Mohamed Nehad Shalabi's Scheduler Is an API and Web App Designed to Ease GPIO Automation

Designed for surprising flexibility in the creation and scheduling of GPIO sequences, Scheduler is now available on 64-bit OSes.

Developer Mohamed Nehad Shalabi has built a handy tool designed to make it easier to work with the Raspberry Pi's general-purpose input/output (GPIO) header, by providing a scheduler and web app.

"I created a GPIO Scheduler Web app for the Raspberry Pi that lets you define GPIO channels, create complex sequences with them, and link schedules to trigger those sequences," Shalabi explains. "Both the frontend and the backend are containerized with Docker, and the frontend repo contains a Docker compose file to run both together."

The scheduler portion of the system, which is simply called Scheduler, provides a handy application programming interface (API) for GPIO pin control. Based on the cron scheduling system, the Scheduler allows for any one of the Raspberry Pi's GPIO pins to be toggled on a schedule β€” while providing a means to define sequences for more complex projects.
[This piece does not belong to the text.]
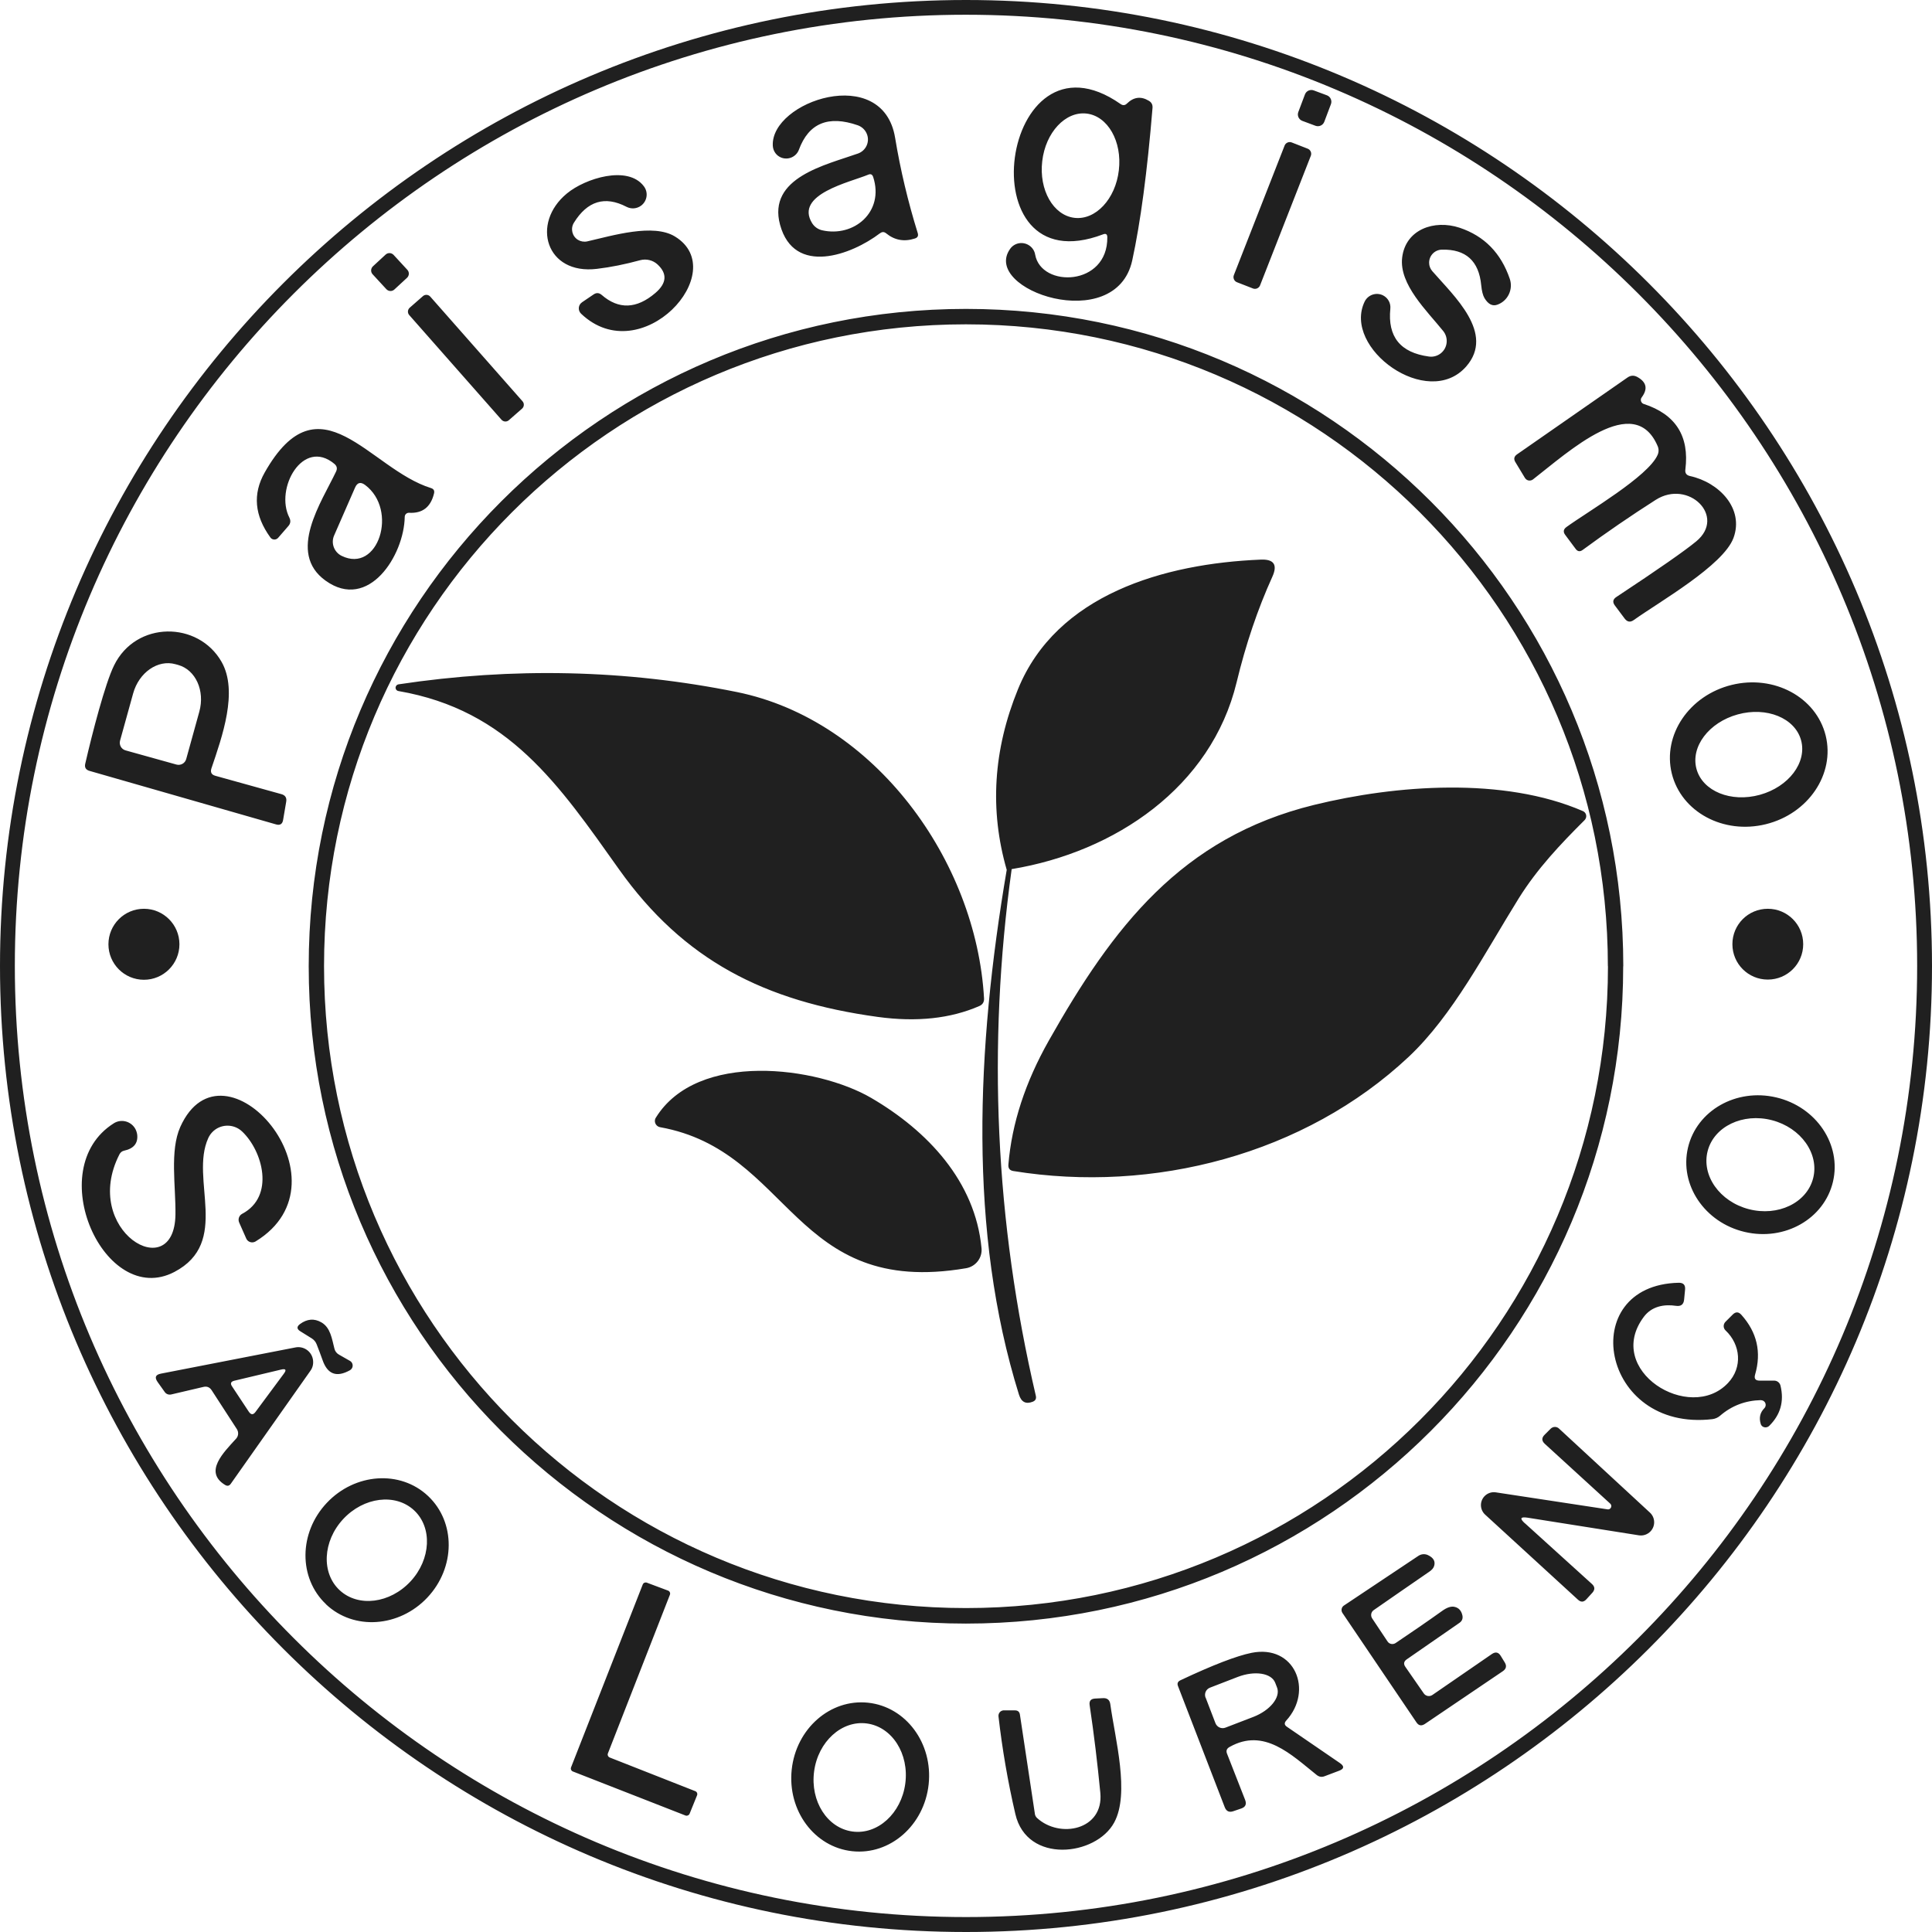 <svg xmlns="http://www.w3.org/2000/svg" viewBox="0 0 199.2 199.2"> <path fill="#202020" d="M116.2 10.67c.69-.67 1.44-.77 2.25-.28.29.17.41.42.38.75-.54 6.57-1.24 11.8-2.09 15.71-1.7 7.77-15.61 3.04-12.59-1.19.46-.65 1.35-.79 2-.33.31.22.52.55.58.92.62 3.46 7.5 3.28 7.44-1.79 0-.31-.15-.41-.43-.3-14.29 5.43-10.58-22.08 1.79-13.44.24.17.46.16.67-.05Zm-5.42 11.79c2.18.26 4.24-1.94 4.58-4.91.35-2.97-1.14-5.58-3.32-5.84-2.18-.26-4.24 1.94-4.58 4.91-.35 2.97 1.14 5.58 3.32 5.84Zm24.67-13.14 1.37.51c.36.14.54.54.41.9l-.69 1.83c-.14.36-.54.54-.9.41l-1.37-.51c-.36-.14-.54-.54-.41-.9l.69-1.83c.14-.36.54-.54.9-.41ZM90.73 24.05c-2.92 2.23-8.85 4.44-10.3-.87-1.33-4.89 4.75-6.18 8.03-7.35.8-.28 1.23-1.16.94-1.96-.16-.45-.51-.79-.95-.95-3.05-1.06-5.07-.22-6.08 2.52-.27.72-1.07 1.08-1.79.82-.52-.19-.87-.67-.9-1.23-.24-4.59 11.34-8.51 12.61-.83.55 3.33 1.33 6.6 2.33 9.82.09.29 0 .48-.29.57-1.1.36-2.09.18-2.96-.53-.21-.17-.42-.18-.64 0Zm-5.98-.31c3.29.76 6.45-1.89 5.28-5.49-.09-.27-.26-.35-.51-.24-1.87.78-7.64 2.02-5.78 5.01.23.36.59.62 1.01.72Zm48.44-9.05 1.64.64c.29.11.44.45.32.74l-5.23 13.35c-.11.29-.45.44-.74.32l-1.64-.64c-.29-.11-.44-.45-.32-.74l5.23-13.35c.11-.29.45-.44.74-.32ZM59.92 32.35c-.31-.29-.32-.77-.04-1.07.04-.04.09-.08.14-.12l1.18-.8c.29-.2.57-.18.84.05 1.75 1.52 3.6 1.45 5.53-.2 1.18-1.01 1.25-2 .22-2.95-.48-.44-1.16-.6-1.79-.43-1.54.42-3.02.72-4.45.89-5.26.64-6.84-4.69-3.1-7.77 1.89-1.57 6.28-2.94 7.93-.75.48.62.36 1.51-.26 1.99-.44.34-1.04.39-1.53.13-2.22-1.15-4.03-.6-5.42 1.65-.37.6-.18 1.39.42 1.76.28.17.63.23.95.16 2.63-.6 6.82-1.88 9.06-.5 5.88 3.6-3.48 13.85-9.68 7.96Zm87.4 4.41c.89.13 1.71-.49 1.83-1.38.06-.44-.06-.89-.34-1.24-1.67-2.08-4.57-4.81-4.24-7.58.35-2.92 3.32-3.94 5.92-3.08 2.55.85 4.27 2.61 5.18 5.28.36 1.08-.2 2.26-1.27 2.65-.51.19-.95-.03-1.34-.67-.17-.29-.28-.73-.34-1.34-.24-2.5-1.59-3.72-4.05-3.66-.74.01-1.33.62-1.32 1.36 0 .32.12.62.33.86 2.22 2.56 6.49 6.4 3.49 9.83-3.96 4.51-12.81-1.89-10.46-6.71.35-.69 1.19-.97 1.88-.63.52.26.82.81.76 1.38-.29 2.89 1.03 4.53 3.97 4.93Zm-108.87-9.3 1.31-1.21c.24-.22.6-.2.82.03L42 27.82c.22.24.2.6-.03.82l-1.31 1.21c-.24.22-.6.2-.82-.03l-1.42-1.54c-.22-.24-.2-.6.03-.82Zm3.79 4.27 1.37-1.2c.22-.19.55-.17.75.05l9.52 10.8c.19.22.17.55-.05.75l-1.37 1.2c-.22.19-.55.17-.75-.05l-9.52-10.8c-.19-.22-.17-.55.05-.75Zm125.12 67.9c0 37.43-30.34 67.77-67.77 67.77s-67.76-30.35-67.76-67.78S62.17 31.85 99.6 31.85c37.43 0 67.77 30.34 67.77 67.77Zm-1.58 0c0-36.56-29.63-66.19-66.19-66.19S33.41 63.05 33.41 99.61 63.04 165.8 99.6 165.8s66.19-29.63 66.19-66.19Zm8.46-50.55c3.01.65 5.61 3.36 4.49 6.39-1.06 2.84-7.63 6.57-10.28 8.46-.35.25-.66.21-.93-.14l-1.01-1.35c-.27-.35-.22-.65.15-.89 4.33-2.86 7.07-4.77 8.24-5.74 3.1-2.57-.81-6.42-4.19-4.27-2.57 1.64-5.08 3.36-7.54 5.17-.27.19-.5.16-.7-.1l-1.08-1.45c-.24-.31-.2-.59.12-.82 2.19-1.59 8.44-5.22 9.4-7.44.13-.29.13-.62 0-.91-2.42-5.65-9.14.56-12.85 3.44-.25.19-.61.15-.79-.1-.01-.02-.03-.03-.04-.05l-.99-1.64c-.19-.31-.13-.58.17-.79l11.4-7.93c.32-.22.65-.24.99-.06.97.53 1.12 1.23.47 2.11-.15.19-.11.47.09.62.04.03.08.05.12.06 3.29 1.07 4.72 3.32 4.29 6.76-.05.37.11.59.47.67ZM42.18 52.87c-.24-.01-.44.17-.45.41v.01c-.06 3.97-3.73 9.76-8.16 6.58-4.03-2.89-.4-8.12 1.08-11.25.15-.31.09-.57-.17-.79-3.24-2.71-6.18 2.55-4.64 5.55.15.31.12.6-.11.86l-1.05 1.21c-.18.21-.5.24-.72.06-.03-.03-.06-.06-.08-.09-1.64-2.26-1.84-4.49-.59-6.7 5.68-10.03 10.79-.37 17.14 1.6.29.09.39.27.32.56-.34 1.41-1.2 2.07-2.57 1.99Zm-5.57-2.6-2.16 4.94c-.35.79 0 1.72.77 2.1 3.78 1.86 5.87-4.74 2.42-7.31-.46-.34-.8-.25-1.03.27Zm67.7 39.34c-.13-.03-.3 0-.51.08-1.78-6.17-1.39-12.38 1.16-18.63 3.98-9.76 15.05-12.95 25.02-13.36 1.37-.06 1.77.53 1.2 1.78-1.5 3.31-2.73 6.94-3.68 10.88-2.61 10.78-12.51 17.49-23.19 19.25Zm-82.1-9.62 6.8 1.89c.4.11.57.37.5.78l-.32 1.88c-.07.43-.32.58-.73.46L9.22 79.48c-.37-.11-.52-.35-.43-.74.72-3.13 2.05-8.27 2.97-10.13 2.26-4.62 8.69-4.59 11.09-.36 1.73 3.05.05 7.72-1.05 10.97-.13.4 0 .66.41.77Zm-9.26-2.62 5.24 1.46c.44.12.89-.13 1.01-.57l1.35-4.88c.6-2.16-.38-4.32-2.18-4.82l-.29-.08c-1.8-.5-3.75.85-4.35 3.01l-1.35 4.87c-.12.44.13.89.57 1.01Zm63.01-6.02c14.22 2.88 24.71 17.39 25.5 31.59.02.37-.14.64-.49.79-2.96 1.29-6.45 1.67-10.47 1.12-11.67-1.6-20.01-5.84-26.67-15.21-6.21-8.74-11.38-16.43-22.75-18.39-.19-.03-.32-.21-.29-.4.03-.15.14-.26.29-.29 11.83-1.78 23.46-1.52 34.88.79Zm112.28 4.5c.97 3.96-1.79 8.05-6.17 9.13s-8.72-1.26-9.7-5.23c-.97-3.96 1.79-8.05 6.17-9.13s8.72 1.26 9.7 5.23Zm-2.54.47c-.63-2.29-3.55-3.48-6.53-2.66-2.98.82-4.88 3.34-4.25 5.63.63 2.29 3.55 3.48 6.53 2.66 2.98-.82 4.88-3.34 4.25-5.63Zm-22.49 7.31c.29.13.42.46.29.75-.03.07-.07.13-.12.18-2.49 2.48-4.88 5-6.8 8.08-3.49 5.61-6.78 12.03-11.31 16.3-10.74 10.1-26.39 14.13-40.79 11.8-.37-.06-.54-.28-.51-.66.35-4.23 1.74-8.49 4.17-12.79 6.61-11.7 13.65-20.94 27.35-24.3 8.44-2.07 19.54-2.91 27.72.64Zm-59.41 6.05c.21-.08.38-.11.51-.08-2.53 18.28-1.7 36.38 2.49 54.31.07.31-.04.51-.33.62-.7.27-1.17.03-1.41-.74-5.23-16.78-4.4-35.68-1.26-54.11ZM14.84 93.7c2.02 0 3.66 1.64 3.66 3.66s-1.64 3.66-3.66 3.66-3.66-1.64-3.66-3.66 1.64-3.66 3.66-3.66Zm167.43 0c2.02 0 3.65 1.63 3.65 3.65s-1.63 3.65-3.65 3.65-3.65-1.63-3.65-3.65 1.63-3.65 3.65-3.65Zm-92.43 19.51c5.81 3.39 10.71 8.61 11.36 15.48.1 1-.6 1.9-1.59 2.07-17.9 3.05-17.98-12.1-31.55-14.54-.35-.06-.59-.4-.53-.75.01-.08.04-.16.09-.23 4.28-6.92 16.64-5.29 22.22-2.03Zm99.15 8.63c-.9 3.83-4.97 6.15-9.1 5.18-4.13-.97-6.75-4.86-5.85-8.69.9-3.83 4.97-6.15 9.1-5.18 4.13.97 6.75 4.86 5.85 8.69Zm-2.05-.34c.66-2.53-1.24-5.22-4.24-6-3-.78-5.97.64-6.63 3.17-.66 2.53 1.24 5.22 4.24 6 3 .78 5.97-.64 6.63-3.17Zm-165.47-4.15c-1.92 4.23 2.35 10.74-3.5 13.8-7.18 3.74-13.69-10.63-6.24-15.33.74-.47 1.71-.24 2.18.5.13.21.21.45.24.7.08.87-.37 1.41-1.35 1.62-.21.04-.38.18-.48.37-4.03 7.86 5.67 13.62 5.77 6.21.04-2.92-.6-6.57.5-9.03 4.44-9.87 17.97 5.57 7.76 11.81-.32.19-.73.09-.92-.22-.01-.02-.03-.05-.04-.08l-.73-1.65c-.15-.34-.01-.73.31-.9 3.39-1.79 2.13-6.47-.01-8.49-.88-.83-2.27-.79-3.09.09-.17.18-.3.38-.4.6Zm160.09 27.01c-1.61.04-3.02.58-4.21 1.61-.22.19-.49.31-.78.35-11.57 1.36-14.15-13.82-3.49-14.06.49-.01.71.23.66.72l-.1 1.03c-.05.49-.33.7-.82.63-1.26-.19-2.52.05-3.33 1.13-4.14 5.51 4.74 11.02 8.68 6.82 1.52-1.61 1.3-3.95-.26-5.42-.25-.24-.25-.63-.01-.88l.75-.75c.31-.31.61-.3.9.03 1.61 1.8 2.08 3.85 1.41 6.16-.12.41.03.62.46.62h1.51c.31 0 .58.22.65.52.39 1.62 0 3-1.17 4.15-.21.2-.55.2-.75 0-.06-.06-.1-.13-.12-.21-.19-.63-.07-1.16.37-1.61.19-.19.19-.5 0-.69-.09-.09-.22-.14-.35-.14ZM32.15 138l-1.19-.74c-.37-.23-.38-.48-.03-.74.73-.54 1.47-.6 2.2-.18.95.54 1.09 1.7 1.35 2.71.06.26.23.49.47.62l1.14.65c.26.15.35.49.2.75-.05.09-.12.16-.21.21-1.38.77-2.32.42-2.83-1.07-.19-.53-.39-1.07-.6-1.6-.1-.26-.27-.46-.5-.61Zm-11.18 5-3.33.78c-.25.05-.5-.04-.65-.25l-.74-1.04c-.33-.47-.22-.75.34-.86l13.86-2.7c.83-.17 1.65.37 1.81 1.21.08.42 0 .85-.25 1.19l-8.21 11.65c-.16.23-.36.27-.6.12-2.2-1.34-.15-3.34 1.15-4.77.24-.27.27-.66.08-.97l-2.6-4.01c-.21-.32-.49-.44-.86-.35Zm5.38 2.57 2.92-3.94c.29-.39.2-.53-.28-.42l-4.83 1.15c-.36.09-.44.28-.23.59l1.72 2.6c.23.34.46.35.7.02Zm130.87 11.48 6.92 6.27c.31.28.32.58.05.89l-.62.68c-.28.31-.57.33-.88.04l-9.56-8.76c-.54-.49-.59-1.33-.09-1.88.3-.33.75-.49 1.19-.42l11.5 1.75c.18.04.36-.08.4-.27.02-.12-.02-.24-.11-.32l-6.75-6.17c-.32-.3-.33-.61-.02-.92l.64-.64c.24-.23.62-.24.86 0l9.37 8.66c.55.51.58 1.37.07 1.92-.31.33-.76.49-1.21.42l-11.49-1.82c-.73-.11-.82.08-.27.58Zm-123.6 8.36c-2.86-2.7-2.83-7.38.08-10.46 2.91-3.08 7.58-3.4 10.44-.7 2.86 2.7 2.83 7.38-.08 10.47-2.91 3.08-7.58 3.4-10.44.7Zm1.41-1.44c1.92 1.77 5.18 1.36 7.3-.92 2.11-2.28 2.27-5.57.35-7.34-1.92-1.77-5.18-1.36-7.3.92-2.11 2.28-2.27 5.57-.35 7.34ZM146.8 174.6c.2.29.6.36.89.16l6.13-4.22c.38-.26.69-.19.92.2l.41.67c.22.36.15.66-.2.9l-8.04 5.44c-.35.23-.64.18-.87-.17l-7.63-11.28c-.16-.25-.1-.58.14-.75l7.69-5.13c.3-.2.67-.23.99-.08.57.27.78.64.64 1.11-.06.22-.24.43-.53.62-1.91 1.31-3.81 2.63-5.7 3.94-.28.19-.35.57-.16.86l1.58 2.37c.18.28.55.35.83.17 1.65-1.11 3.26-2.21 4.81-3.32.5-.36.93-.5 1.29-.41.42.1.68.39.79.87.07.33-.03.59-.31.78l-5.43 3.76c-.3.21-.35.47-.14.77l1.9 2.74Zm-83.93 6.61 8.82 3.47c.17.07.25.26.18.43l-.77 1.9c-.07.16-.25.24-.42.18l-11.61-4.54c-.17-.06-.26-.26-.19-.43l7.39-18.85c.07-.17.25-.25.42-.19l2.19.82c.17.06.26.26.19.43l-6.39 16.35c-.07.17.02.36.19.43Zm69.82-3.17 5.46 3.74c.48.33.45.6-.1.8l-1.48.56c-.29.11-.55.07-.8-.12-2.63-2.1-5.43-4.91-8.99-2.9-.3.16-.39.4-.26.71l1.86 4.75c.17.44.04.74-.41.89l-.82.28c-.42.14-.71 0-.87-.41l-4.82-12.49c-.11-.27-.03-.47.24-.6 3.35-1.58 5.8-2.52 7.33-2.83 4.48-.91 6.42 3.9 3.58 6.99-.21.24-.19.45.08.63Zm-8.38-3 1.01 2.63c.16.41.62.62 1.03.46l2.86-1.1c1.75-.67 2.85-2.04 2.46-3.04l-.19-.49c-.39-1-2.11-1.27-3.86-.6l-2.87 1.11c-.41.16-.61.62-.45 1.03Zm-17.4 12.39c2.34 2.17 6.91 1.26 6.54-2.58-.29-3.01-.65-6.02-1.1-9.03-.07-.44.12-.67.57-.69l.79-.04c.45-.03.71.18.77.63.49 3.56 2.03 9.19.4 12.19-1.88 3.48-9 4.29-10.19-.87-.77-3.31-1.35-6.67-1.74-10.07-.03-.31.18-.58.49-.62h1.21c.3 0 .47.15.51.44l1.55 10.28c.03.14.1.26.2.36Zm-19.04 3.44c-3.9-.42-6.69-4.18-6.24-8.41.45-4.23 3.98-7.32 7.88-6.9 3.9.42 6.69 4.18 6.24 8.41-.45 4.23-3.98 7.32-7.88 6.9Zm.03-2.03c2.59.35 5.03-1.87 5.44-4.94.41-3.08-1.36-5.85-3.96-6.2-2.59-.35-5.03 1.87-5.44 4.94-.41 3.08 1.36 5.85 3.96 6.2Zm11.68 10.36C44.68 199.2 0 154.52 0 99.6S44.68 0 99.6 0s99.6 44.68 99.6 99.6-44.68 99.6-99.6 99.6Zm0-197.68c-54.06 0-98.05 43.99-98.05 98.07s43.99 98.07 98.07 98.07 98.07-43.99 98.07-98.07S153.68 1.52 99.6 1.52Z"/></svg>

The frontend, meanwhile, is a NextJS-based web app that offers a simple network-accessible user interface. A password-protected dashboard provides confirmation of the host Raspberry Pi's clock setting, allows for status checking of pins β€” accessible under aliases to make things easier β€” and shows which, if any, sequences are defined or running.

The web interface for sequencing shows off its flexibility. One or more GPIO "channel" can be switched on or off using draggable bars on a timeline, with the overall length and step time up to the user. Sequences can then be linked and triggered based on a schedule or by sensor inputs β€” enabling irrigation systems when dry weather is detected, for example.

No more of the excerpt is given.